Complete response is the disappearance of all disease; partial response is a 50% decrease in the sum of product of greatest perpendicular diameter (SPD); minor response is a >25% but <50% decrease in the SPD; no response pertains to patients who do not meet the criteria for complete response, partial response, minor response, or progressive disease; and progressive disease relates to patients with a >25% increase in the SPD.

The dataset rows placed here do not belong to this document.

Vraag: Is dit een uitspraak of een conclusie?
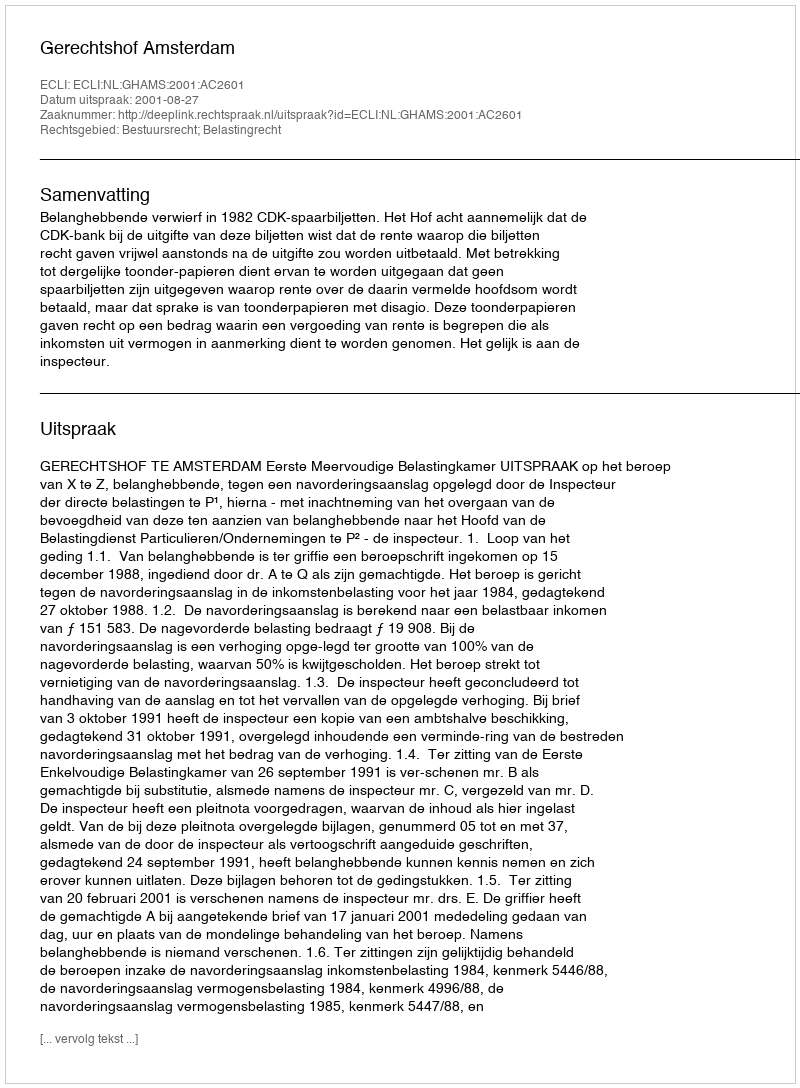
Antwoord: Uitspraak
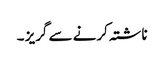
ناشتہ کرنے سے گریز ۔
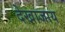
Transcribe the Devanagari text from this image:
देखाजाय
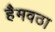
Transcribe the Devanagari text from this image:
हैमवठा
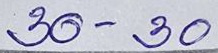
30 - 30
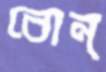
বোন্‌
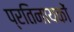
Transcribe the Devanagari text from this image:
प्रतिनायकों
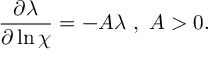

The researchers acknowledged that the use of FDG-PET to detect treatment response in children is limited and therefore remains controversial. However, experts agreed that the response criteria in children will continue to evolve with emerging information about FDG-PETs’ utility, reproducibility, and impact of data.
New and more sensitive technologies are being used to evaluate NHL in pediatric patients, helping to lay the foundation for establishing response criteria in these patients. According to Sandlund and colleagues, “Additional refinements in the description of response evaluation will be required as more sensitive tools are developed for pathologic detection of disease and evidence as to their utility in defining outcomes emerges.”